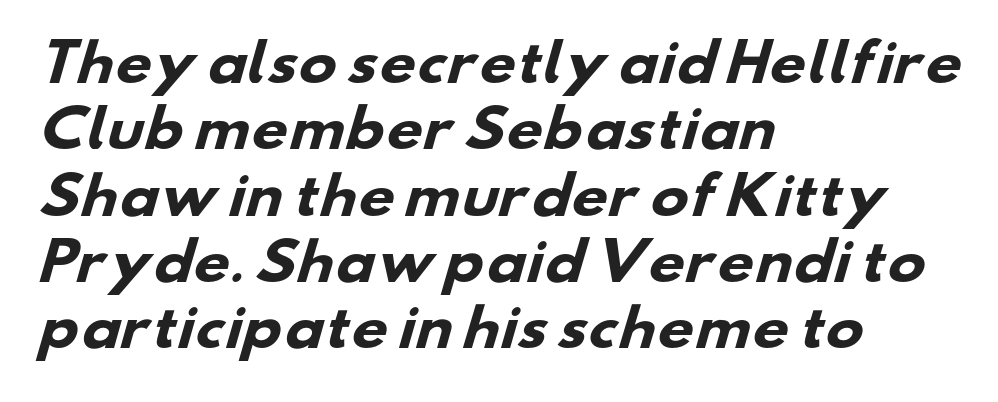
The image shows 51 px heavy, wide sans-serif type; set left-aligned, normal line spacing (1.3x), normal letter spacing, not underlined; low stroke contrast and a small x-height.
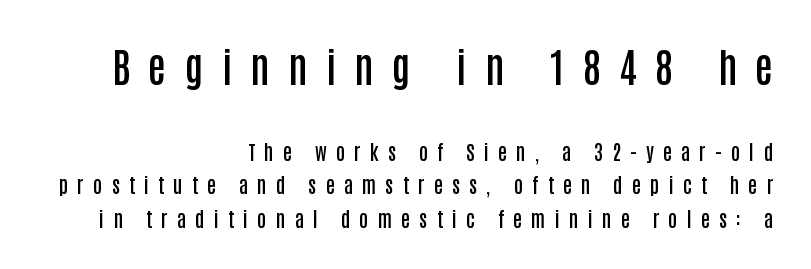
The image shows 40 px semibold, condensed sans-serif type, upright; set right-aligned, normal line spacing (1.67x), unusually wide letter spacing (+0.46 em), not underlined; the first (top) block is 2.0x larger; low stroke contrast and a large x-height.
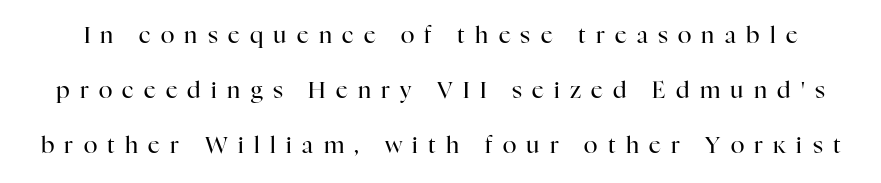
{"italic": "no", "bold": "no", "underline": "no", "line_spacing": "loose", "line_spacing_ratio": 2.4, "letter_spacing": "wide", "letter_spacing_em": 0.45, "glyph_px": 23}
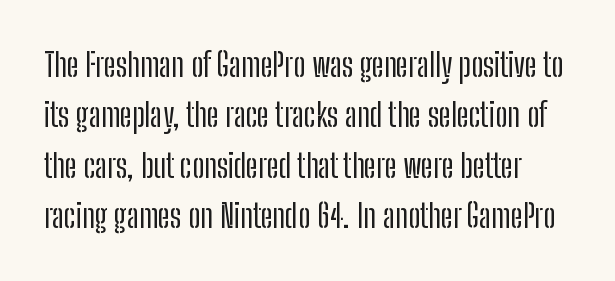
{"serif": "no", "italic": "no", "width": "condensed", "stroke_contrast": "low", "x_height": "medium", "monospaced": "no", "underline": "no", "line_spacing": "normal", "line_spacing_ratio": 1.53, "letter_spacing": "normal", "letter_spacing_em": 0.0, "glyph_px": 33}
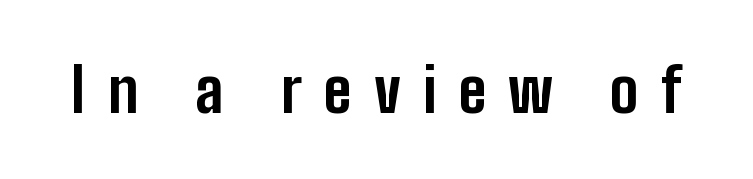
How are the letters spaced? Widely, with obvious added tracking. Its strokes are broad and dark, the hallmark of bold type. Does the lettering tilt? It doesn't — this is upright. Think of a printed novel: that variable character pitch is what you see here. Any mark beneath the type? The region is blank. Regarding serifs, this sample does without them.
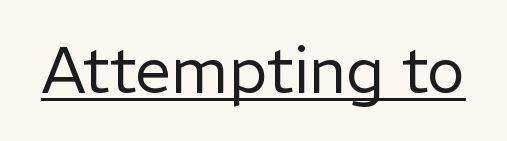
The image shows 64 px regular-weight sans-serif type, upright; set normal letter spacing, underlined; low stroke contrast and a medium x-height.
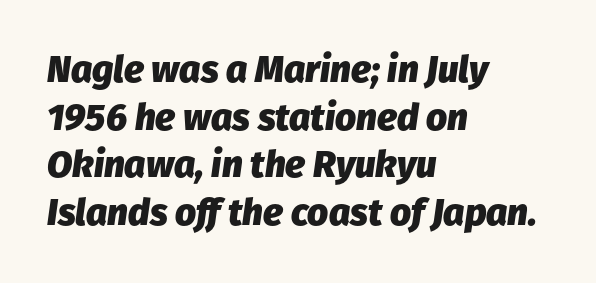
The image shows 37 px heavy type, italic (leaning right); set left-aligned, normal line spacing (1.29x), normal letter spacing, not underlined; low stroke contrast and a medium x-height.
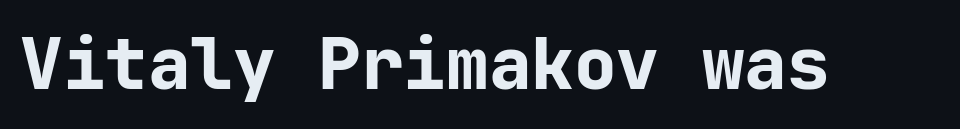
Words appear dense and cohesive because spacing is normal. Every character here occupies the same horizontal width, giving the sample a typewriter-like rhythm. The text was rendered using a sans face with plain stroke endings. The lettering stays uniformly vertical, giving the passage a roman look.
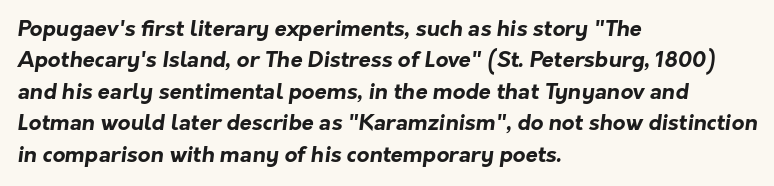
{"bold": "yes", "underline": "no", "align": "left", "line_spacing": "normal", "line_spacing_ratio": 1.43, "letter_spacing": "normal", "letter_spacing_em": 0.0, "glyph_px": 22}
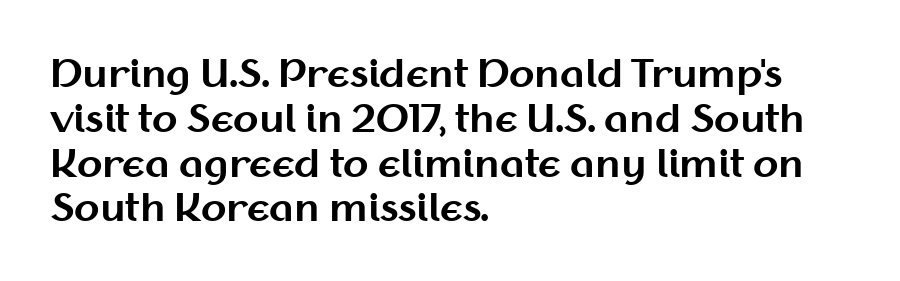
Posture: vertical. Caption: standard tracking, unaltered. Descenders hang freely into open space. Think of a printed novel: that variable character pitch is what you see here. The letters are bold, with thick, heavy strokes.
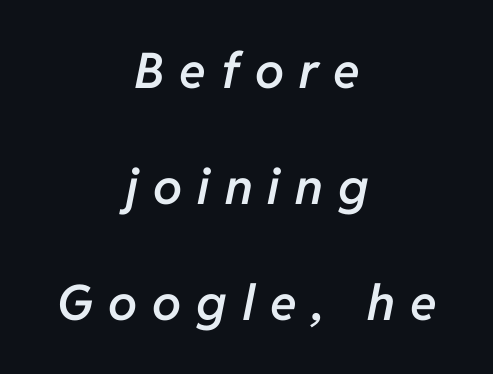
Q: Is the text bold? A: Semi-bold.
Q: Is the text italic (slanted)? A: Yes, it leans right by about 11 degrees.
Q: Is the text underlined? A: No.
Q: How is the paragraph aligned? A: Centered.
Q: Is the spacing between letters normal or unusually wide? A: Unusually wide.
Q: Is the spacing between lines tight, normal or loose? A: Loose.
Q: Width (condensed, normal, or wide)? A: Normal.
Q: Stroke contrast? A: Low.
Q: x-height? A: Medium.
Q: Monospaced? A: No.
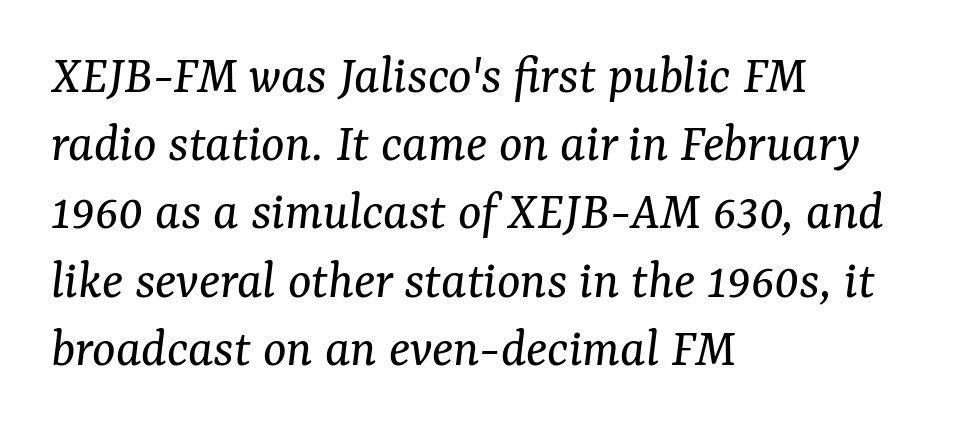
All the whitespace from short lines collects on the right. The typesetting does not lean heavy: it is not bold. Check under the words: just untouched page. Is this a fixed-width face? No — the glyphs have proportional, varying widths.
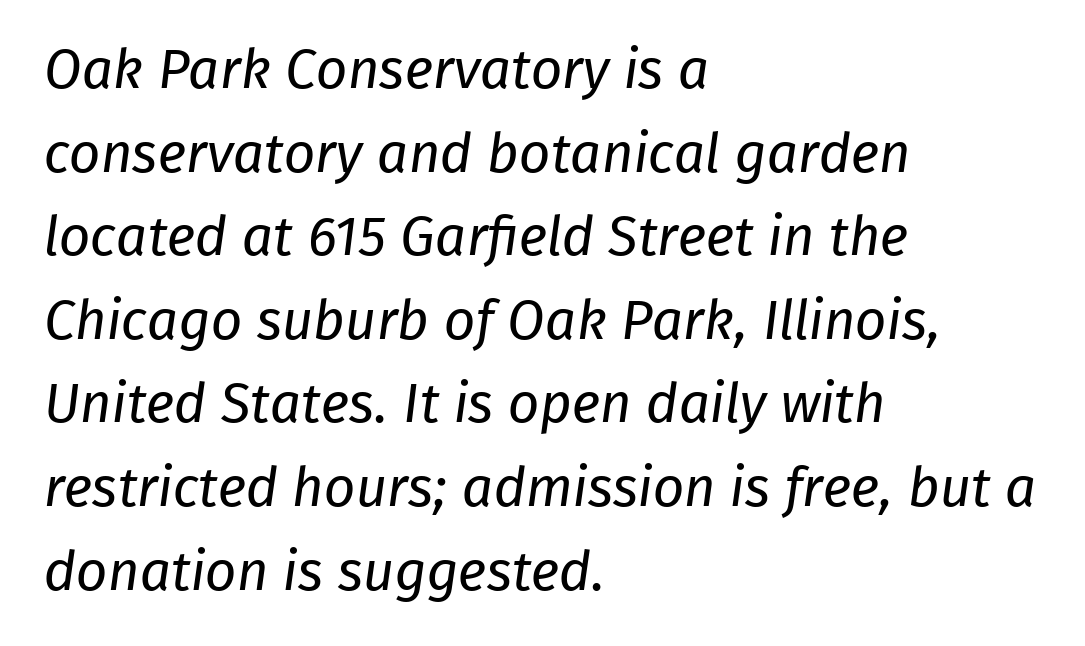
{"serif": "no", "bold": "no", "weight": "regular", "width": "normal", "stroke_contrast": "low", "x_height": "medium", "monospaced": "no", "underline": "no", "align": "left", "line_spacing": "normal", "line_spacing_ratio": 1.52, "letter_spacing": "normal", "letter_spacing_em": 0.0, "glyph_px": 55}
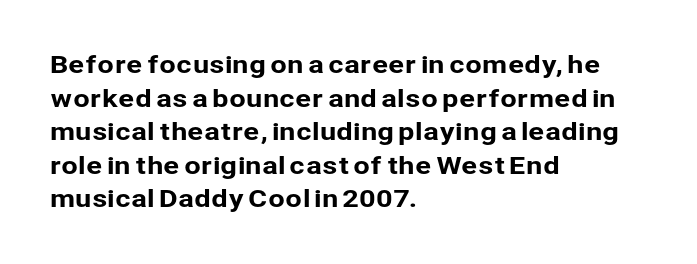
Leading matches the norm, producing a regular column. Every stem runs plumb, perpendicular to the baseline. Underline: absent. In CSS terms this would be text-align: left. Here the glyphs are tracked normally, forming tight word shapes.

» **DIRECTIONS FOR THIS TASK**: Please return every line from the material above where the string "loose" occurs.

» **REPLY TO THE EXERCISE**:
{"italic": "no", "bold": "no", "underline": "no", "line_spacing": "loose", "line_spacing_ratio": 2.4, "letter_spacing": "wide", "letter_spacing_em": 0.45, "glyph_px": 23}
Q: Is the spacing between lines tight, normal or loose? A: Loose.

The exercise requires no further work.